Free agent
- Pitcher
- Born: February 18, 2000 (age 26) San Jose, California, U.S.
- Bats: RightThrows: Right

MLB debut
- April 15, 2024, for the Chicago White Sox

MLB statistics (through 2024 season)
- Win–loss record: 0–7
- Earned run average: 7.07
- Strikeouts: 26
- Stats at Baseball Reference

Teams
- Chicago White Sox (2024);

= Nick Nastrini =

American baseball player (born 2000)

Nicholas Nastrini (born February 18, 2000) is an American professional baseball pitcher who is a free agent. He has previously played in Major League Baseball (MLB) for the Chicago White Sox.

==Amateur career==
Nastrini attended Cathedral Catholic High School in San Diego, California, where he played on their baseball team. As a senior in 2018, he went 8-2 with a 2.41 ERA and 44 strikeouts over 49 1/3 innings. That summer, he played in the West Coast League for the Bellingham Bells.

Nastrini went undrafted in the 2018 Major League Baseball draft and enrolled at the University of California, Los Angeles (UCLA) to play college baseball for the UCLA Bruins. As a freshman at UCLA in 2019, Nastrini made four starts and posted a 1.37 ERA over 19 2/3 innings, missing a majority of the season due to thoracic outlet syndrome. He returned healthy that summer and played for the Falmouth Commodores of the Cape Cod Baseball League. He started four games in 2020 before the season was cancelled due to the COVID-19 pandemic. He played in the California Collegiate League for the Santa Barbara Foresters over the summer. As a junior in 2021, Nastrini made 12 appearances (seven starts) and went 2–2 with a 6.89 ERA, 48 strikeouts, and 38 walks over 31 1/3 innings.

==Professional career==
===Los Angeles Dodgers===
The Los Angeles Dodgers selected Nastrini in the fourth round, with the 131st overall pick, of the 2021 Major League Baseball draft, and signed. Nastrini made his professional debut with the Arizona Complex League Dodgers and was promoted to the Rancho Cucamonga Quakes after one start. Over seven starts between the two clubs, he posted a 1.93 ERA with 32 strikeouts and seven walks in 14 innings. He opened the 2022 season with the Great Lakes Loons and was promoted to the Tulsa Drillers on August 15. Between the two levels, he made 27 starts and finished with a 6–4 record, a 3.93 ERA and 169 strikeouts over 116 2/3 innings. In 2023 with Tulsa, he made 17 starts and had a 5–3 record and 4.03 ERA.

===Chicago White Sox===
On July 28, 2023, Nastrini, Trayce Thompson, and Jordan Leasure were traded to the Chicago White Sox in exchange for pitchers Lance Lynn and Joe Kelly. He was assigned to the Birmingham Barons before being promoted to the Charlotte Knights in late August. Over 25 starts between Tulsa, Birmingham, and Charlotte, Nastrini went 9-5 with a 4.08 ERA and 139 strikeouts over 114 2/3 innings.

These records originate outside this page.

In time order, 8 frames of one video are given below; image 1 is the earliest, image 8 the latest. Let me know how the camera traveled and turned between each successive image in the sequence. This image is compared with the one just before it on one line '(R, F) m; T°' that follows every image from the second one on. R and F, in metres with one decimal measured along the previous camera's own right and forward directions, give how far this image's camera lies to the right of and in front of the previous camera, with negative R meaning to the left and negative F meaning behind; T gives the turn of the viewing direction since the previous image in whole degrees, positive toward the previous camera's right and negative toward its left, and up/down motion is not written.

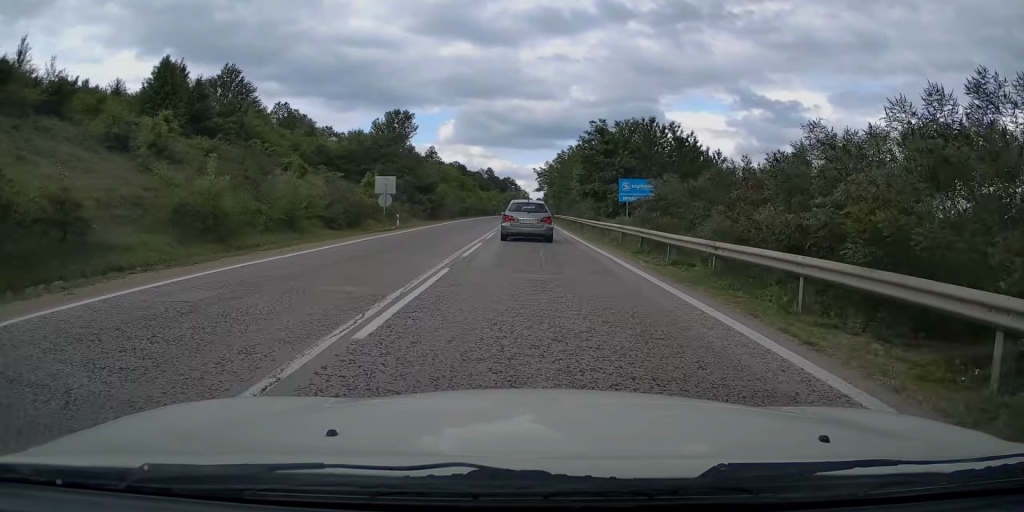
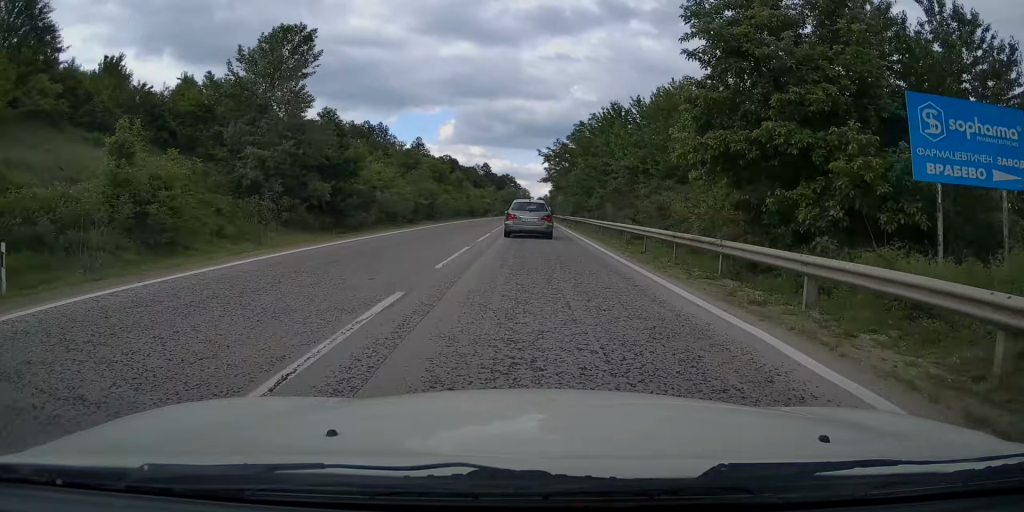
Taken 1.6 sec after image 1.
(+0.3, +30.2) m; 0°
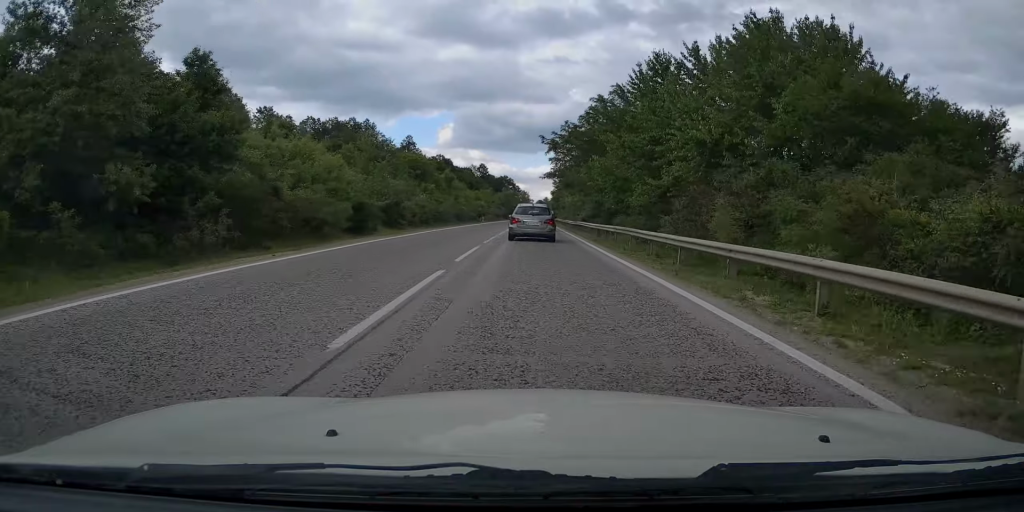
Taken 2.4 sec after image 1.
(-0.2, +15.3) m; 0°
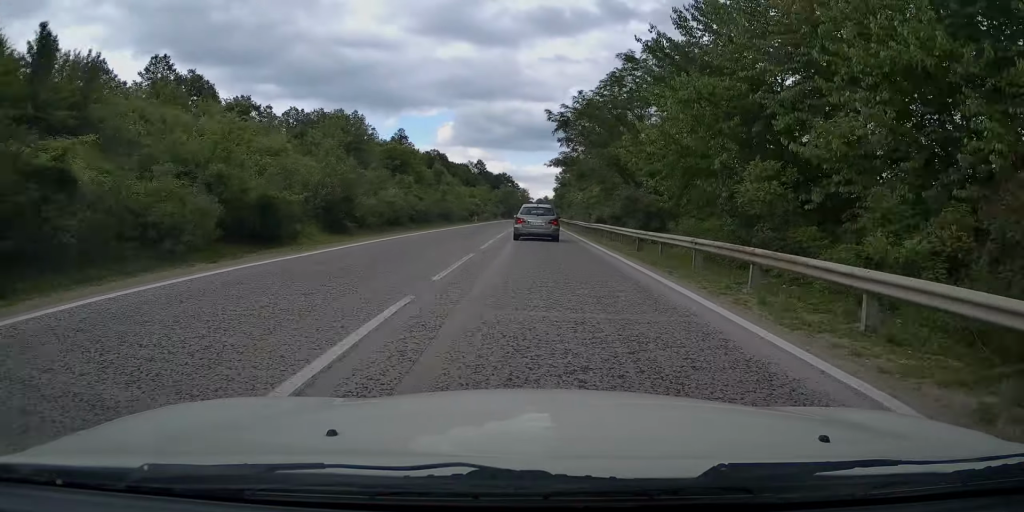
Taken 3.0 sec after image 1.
(0.0, +12.3) m; +1°
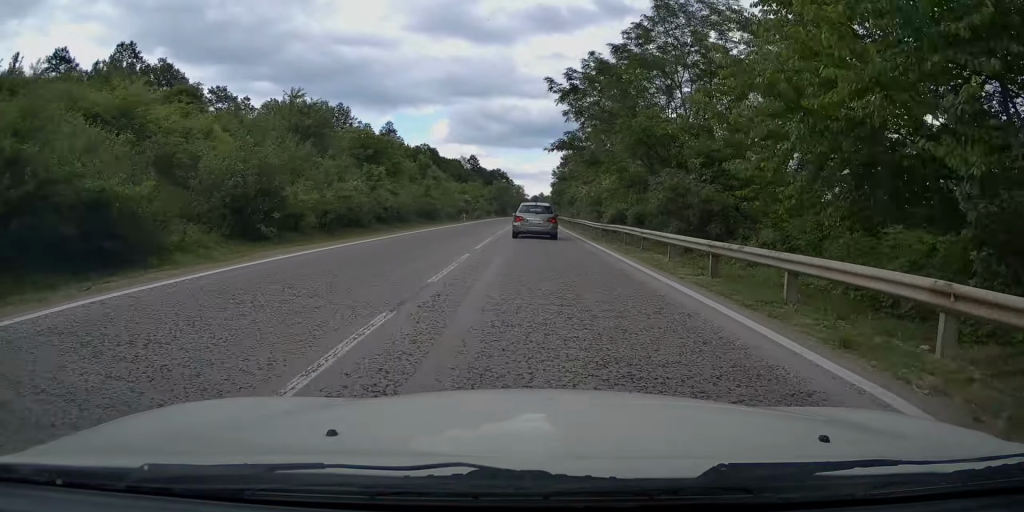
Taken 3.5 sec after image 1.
(+0.1, +9.1) m; 0°
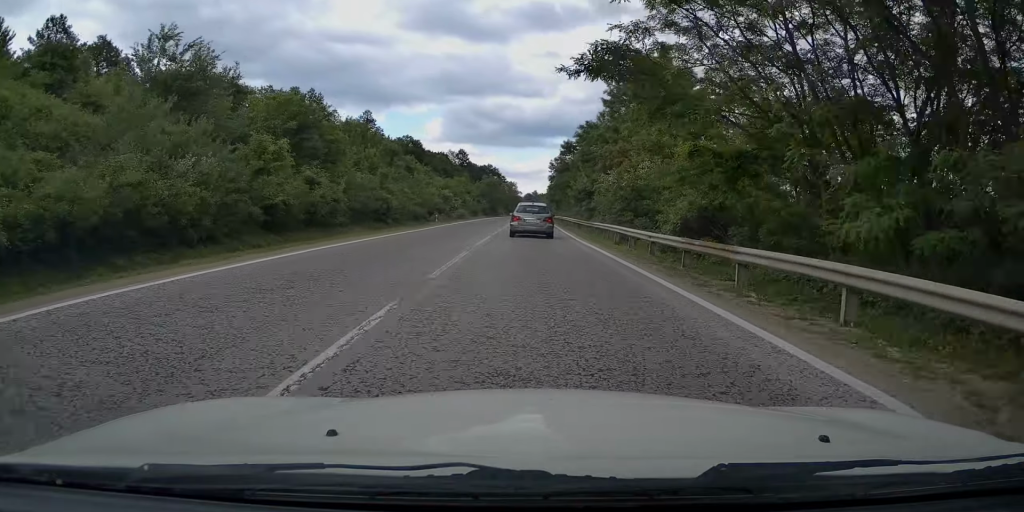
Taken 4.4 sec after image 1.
(+0.3, +17.1) m; 0°
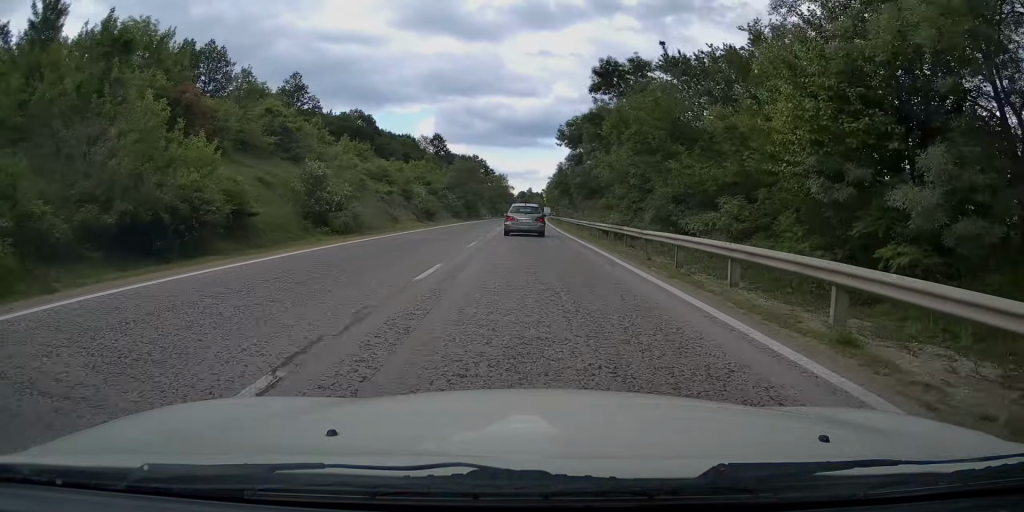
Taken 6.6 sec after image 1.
(+0.1, +45.4) m; 0°
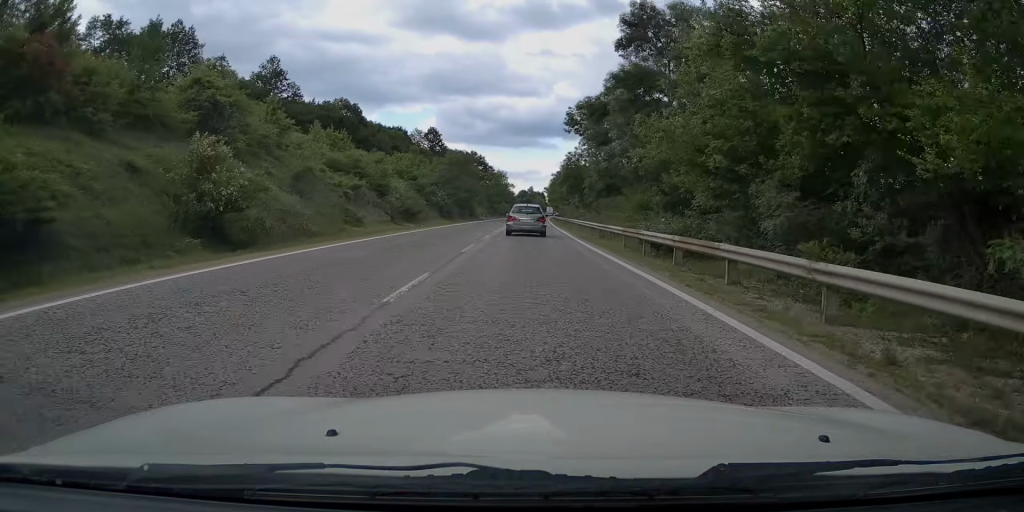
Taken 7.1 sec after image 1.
(-0.1, +11.1) m; 0°
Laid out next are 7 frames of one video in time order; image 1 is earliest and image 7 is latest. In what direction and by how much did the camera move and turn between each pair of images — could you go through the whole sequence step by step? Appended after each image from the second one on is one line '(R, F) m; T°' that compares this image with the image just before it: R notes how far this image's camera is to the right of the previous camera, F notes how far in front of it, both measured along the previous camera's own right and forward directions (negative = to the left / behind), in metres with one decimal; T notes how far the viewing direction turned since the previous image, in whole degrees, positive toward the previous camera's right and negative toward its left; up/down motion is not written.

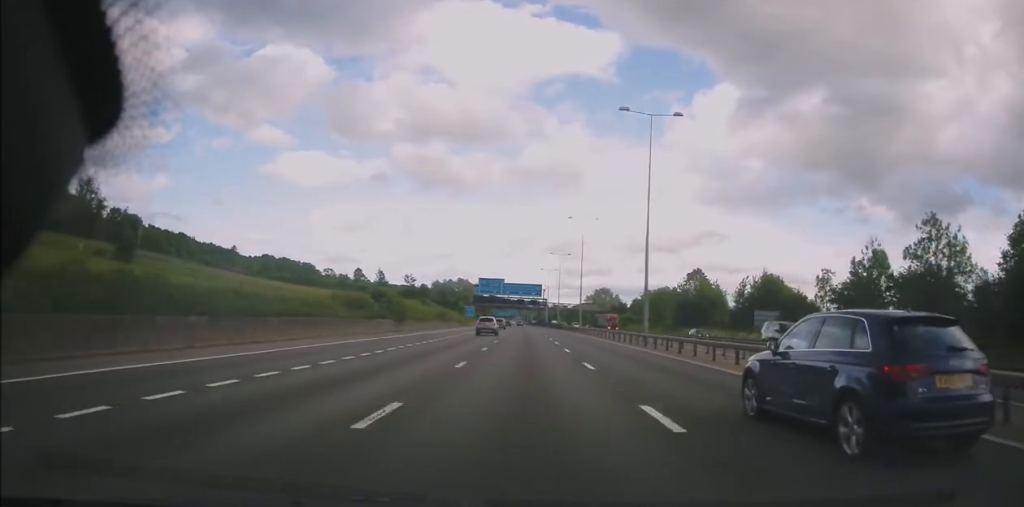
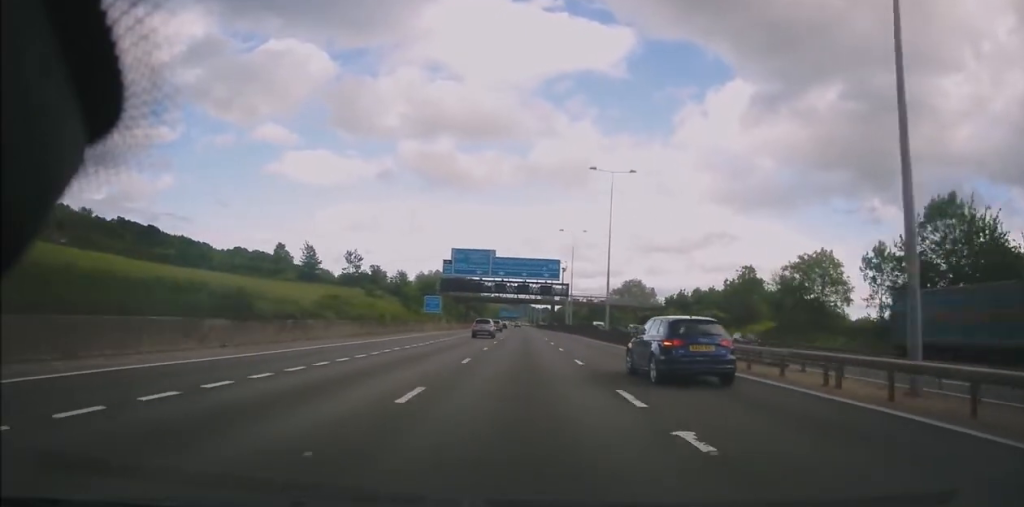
(0.0, +69.9) m; 0°
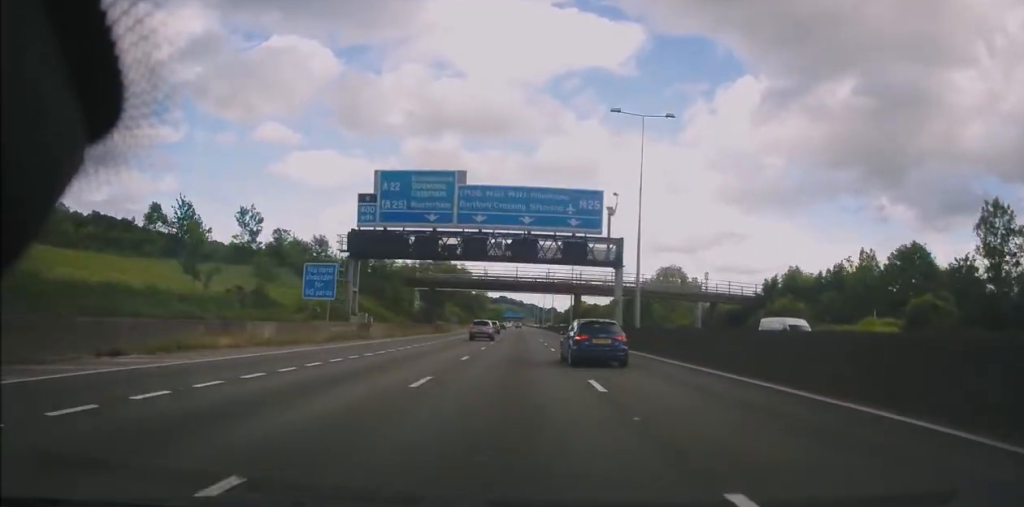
(-0.6, +52.4) m; -1°
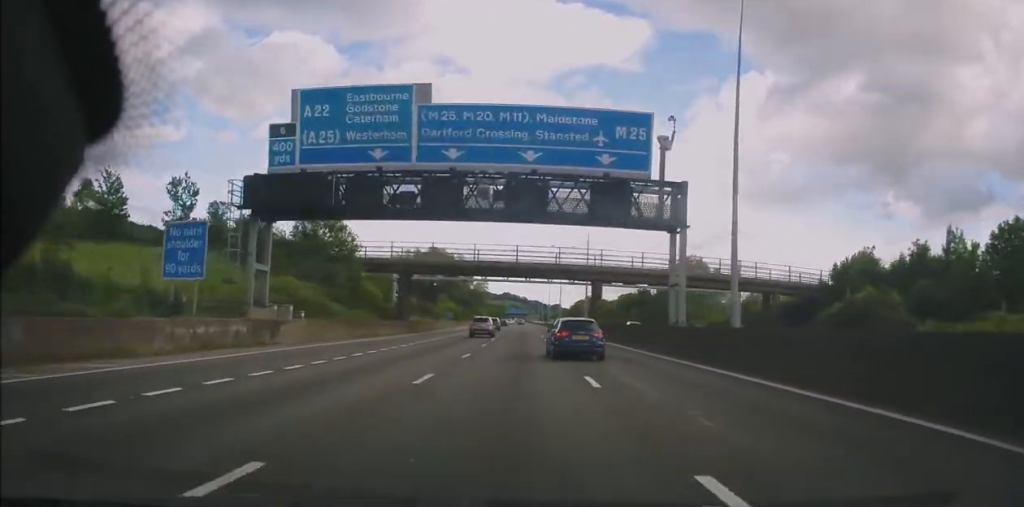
(+0.1, +17.8) m; -1°
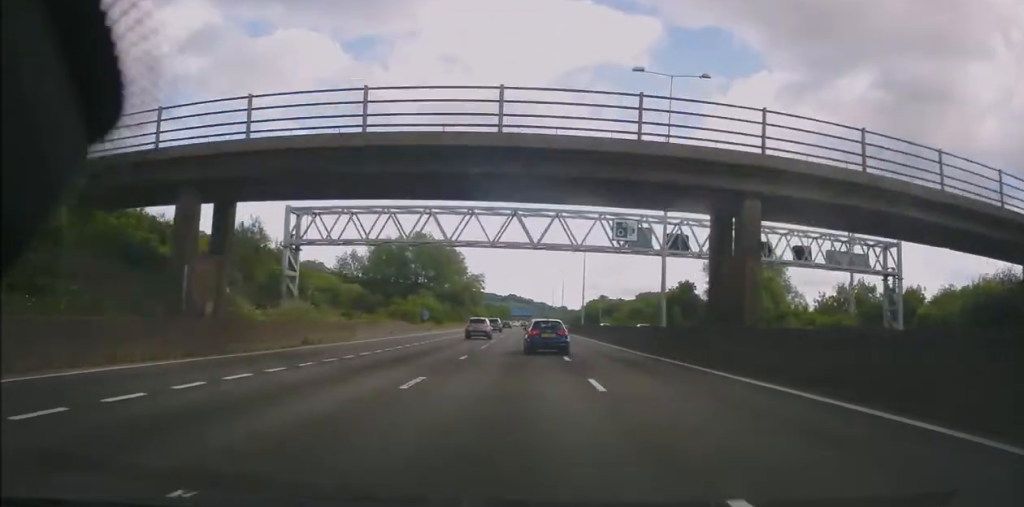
(-0.6, +37.7) m; -1°
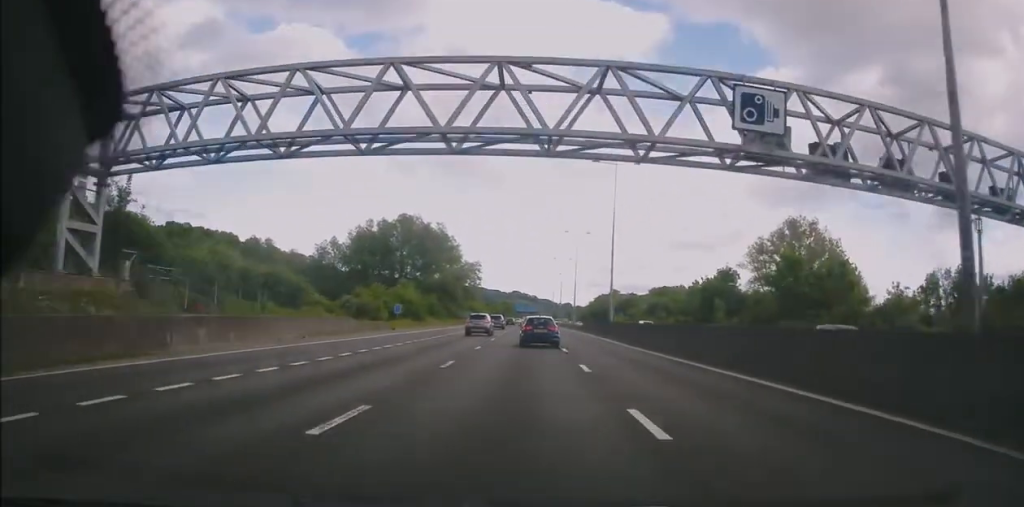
(0.0, +23.0) m; +1°
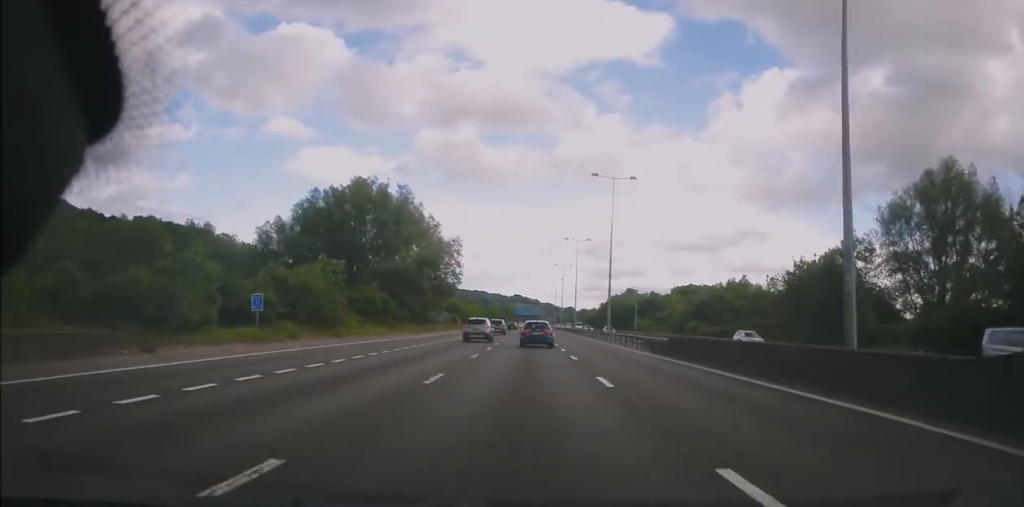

He was assigned to Charlotte to open the 2024 season. On April 15, 2024, Nastrini was selected to the 40-man roster and promoted to the major leagues for the first time. In nine games (eight starts) during his rookie campaign, Nastrini struggled to an 0-7 record and 7.07 ERA with 26 strikeouts across 35 2/3 innings pitched.

Nastrini was optioned to Triple-A Charlotte to begin the 2025 season, where he struggled to a 1-1 record and 7.51 ERA with 48 strikeouts over 20 games (six starts).

===Miami Marlins===
On July 1, 2025, Nastrini was claimed off waivers by the Miami Marlins; he was subsequently optioned to the Triple-A Jacksonville Jumbo Shrimp. After allowing two runs over two innings in his only appearance for Jacksonville, Nastrini was designated for assignment by the Marlins on July 9.

===Los Angeles Dodgers (second stint)===
On July 11, 2025, Nastrini was claimed off waivers by the Los Angeles Dodgers. On July 18, he was removed from the 40-man roster and sent outright to the Triple-A Oklahoma City Comets. He only pitched in three games for them, walking seven batters, six of whom scored, and throwing three wild pitches in only one inning.

Nastrini was assigned to the Double-A Tulsa Drillers to begin the 2026 campaign, where he appeared in one game, walking three batters without recording an out. Nastrini was released by the Dodgers organization on April 7, 2026.